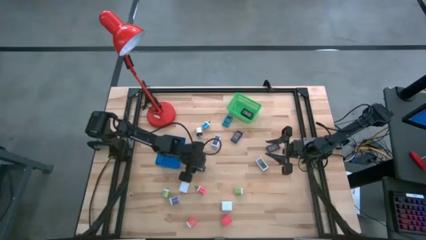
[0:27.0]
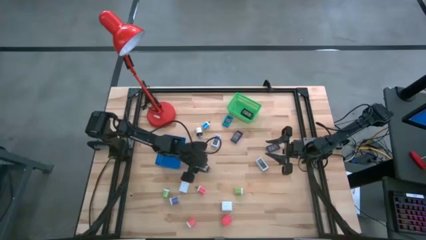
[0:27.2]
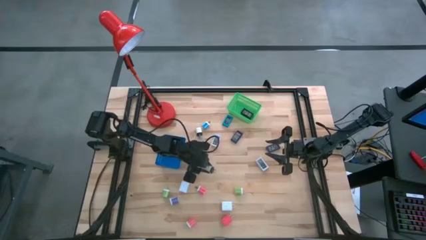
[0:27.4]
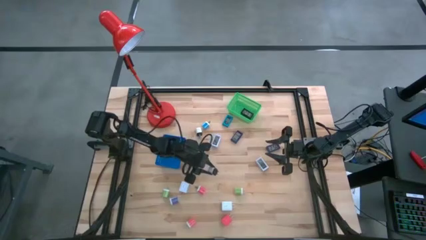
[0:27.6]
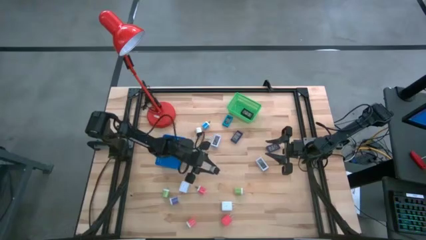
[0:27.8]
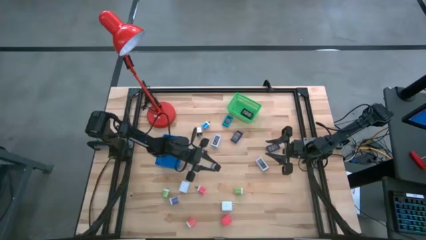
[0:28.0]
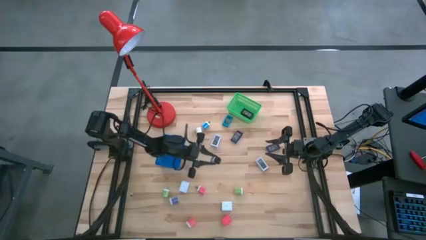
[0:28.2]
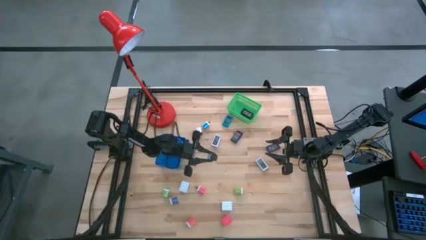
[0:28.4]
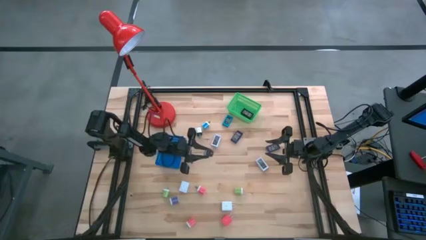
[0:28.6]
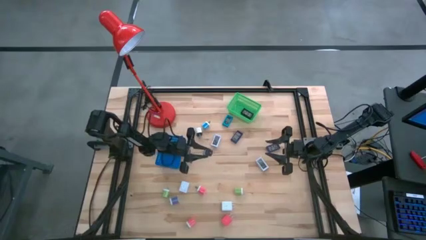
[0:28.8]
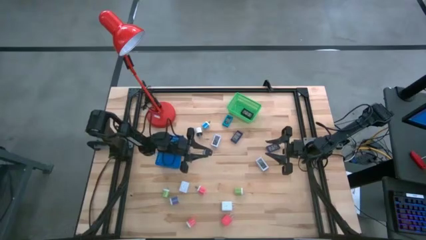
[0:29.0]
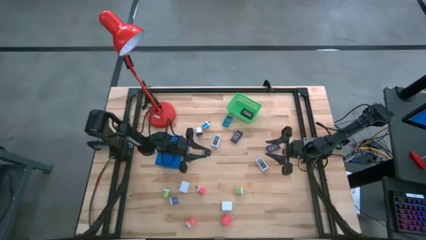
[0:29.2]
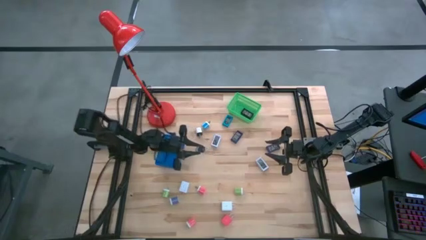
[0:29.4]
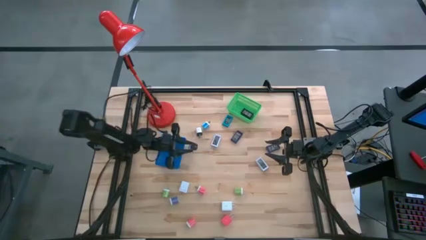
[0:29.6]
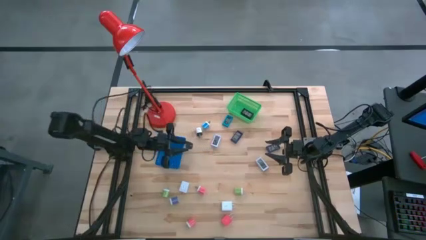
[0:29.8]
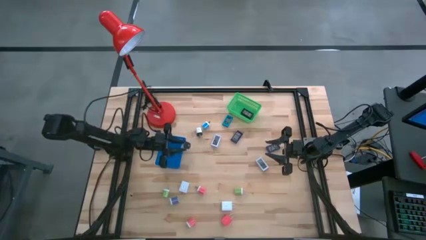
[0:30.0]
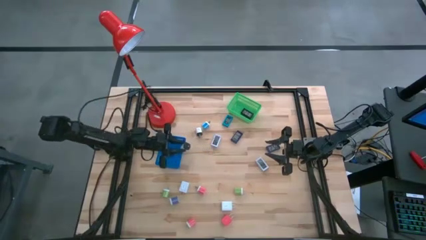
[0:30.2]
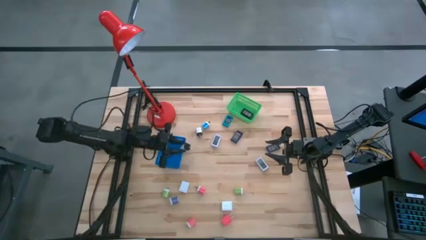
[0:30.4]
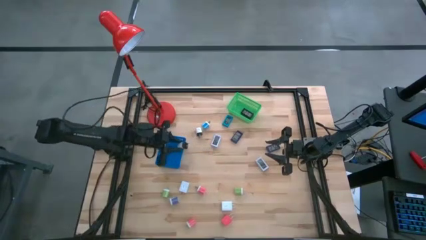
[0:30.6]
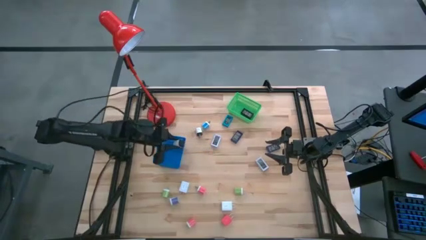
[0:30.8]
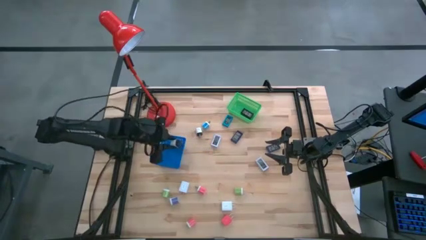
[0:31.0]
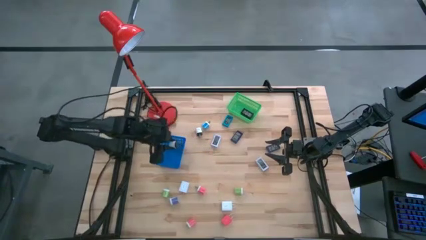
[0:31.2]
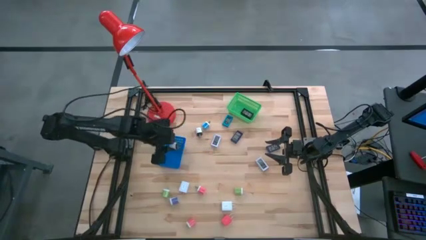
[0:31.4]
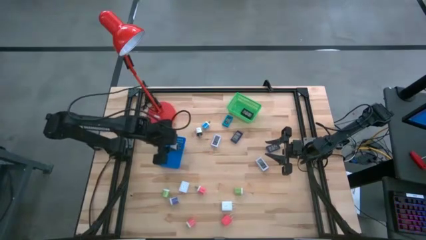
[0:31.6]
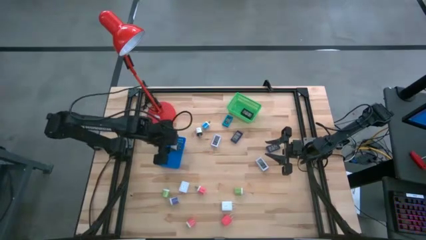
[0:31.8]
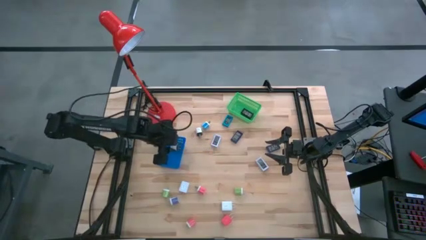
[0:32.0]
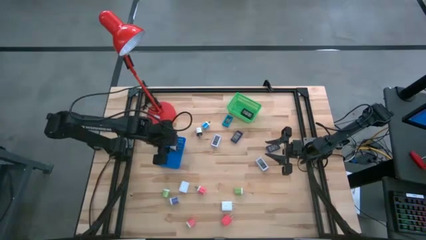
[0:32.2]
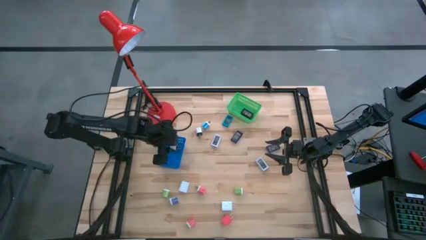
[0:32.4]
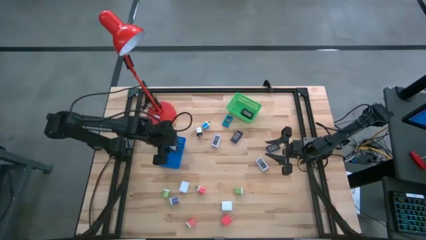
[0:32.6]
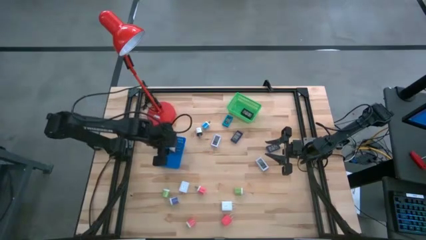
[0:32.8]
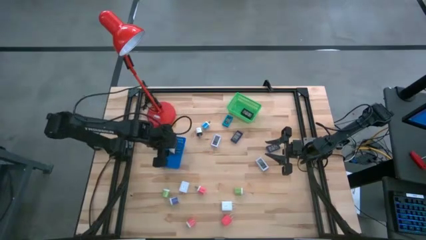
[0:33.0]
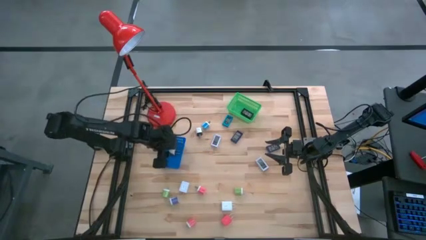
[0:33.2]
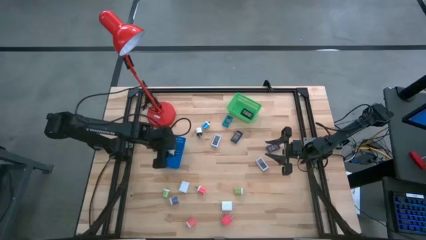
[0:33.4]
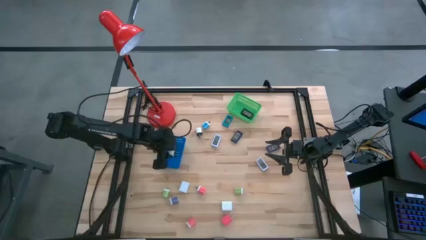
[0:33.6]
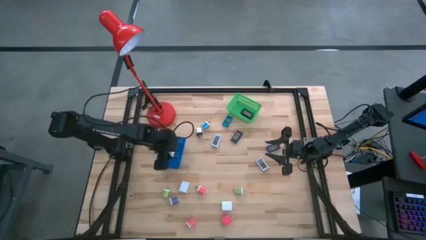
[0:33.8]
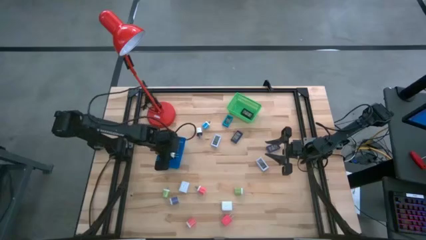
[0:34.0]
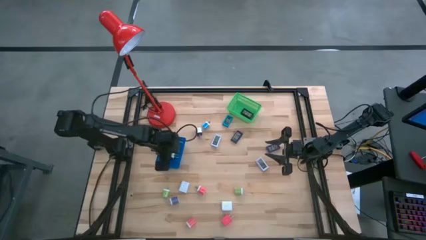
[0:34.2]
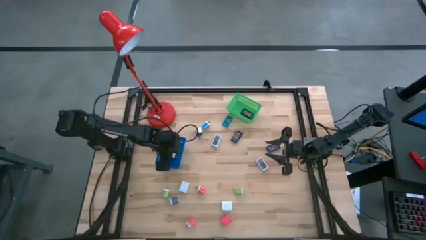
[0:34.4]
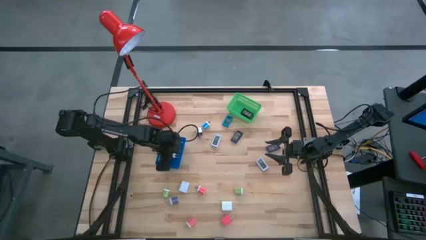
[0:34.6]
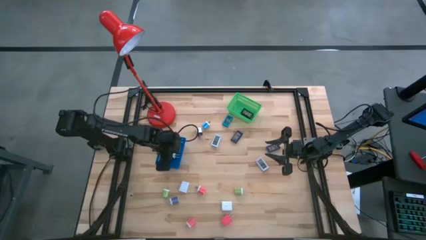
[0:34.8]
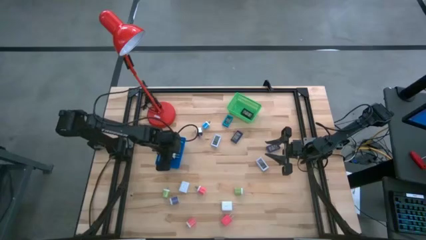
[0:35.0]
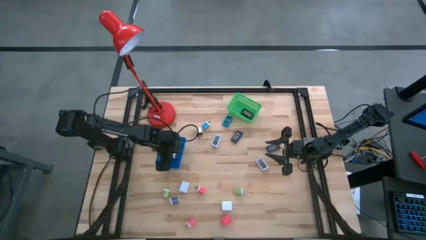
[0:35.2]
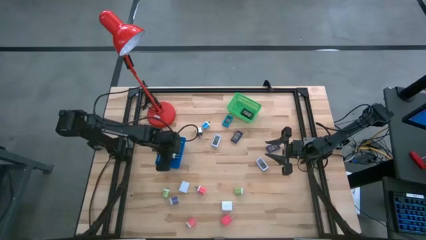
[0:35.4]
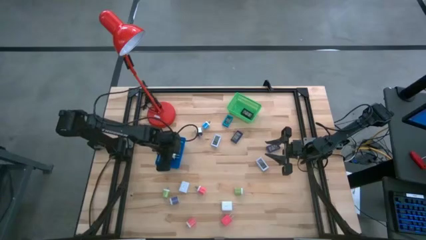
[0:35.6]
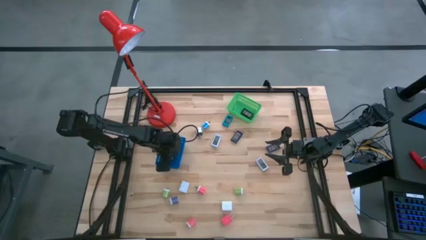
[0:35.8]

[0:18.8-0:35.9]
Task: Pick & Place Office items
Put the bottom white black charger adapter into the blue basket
-- -- --
• **YOUR GOAL**: Transcribe the lines above exactly, setting aside any picture among them.

• **RESPONSE BELOW**:
[0:27.0]
[0:27.2]
[0:27.4]
[0:27.6]
[0:27.8]
[0:28.0]
[0:28.2]
[0:28.4]
[0:28.6]
[0:28.8]
[0:29.0]
[0:29.2]
[0:29.4]
[0:29.6]
[0:29.8]
[0:30.0]
[0:30.2]
[0:30.4]
[0:30.6]
[0:30.8]
[0:31.0]
[0:31.2]
[0:31.4]
[0:31.6]
[0:31.8]
[0:32.0]
[0:32.2]
[0:32.4]
[0:32.6]
[0:32.8]
[0:33.0]
[0:33.2]
[0:33.4]
[0:33.6]
[0:33.8]
[0:34.0]
[0:34.2]
[0:34.4]
[0:34.6]
[0:34.8]
[0:35.0]
[0:35.2]
[0:35.4]
[0:35.6]
[0:35.8]

[0:18.8-0:35.9]
Task: Pick & Place Office items
Put the bottom white black charger adapter into the blue basket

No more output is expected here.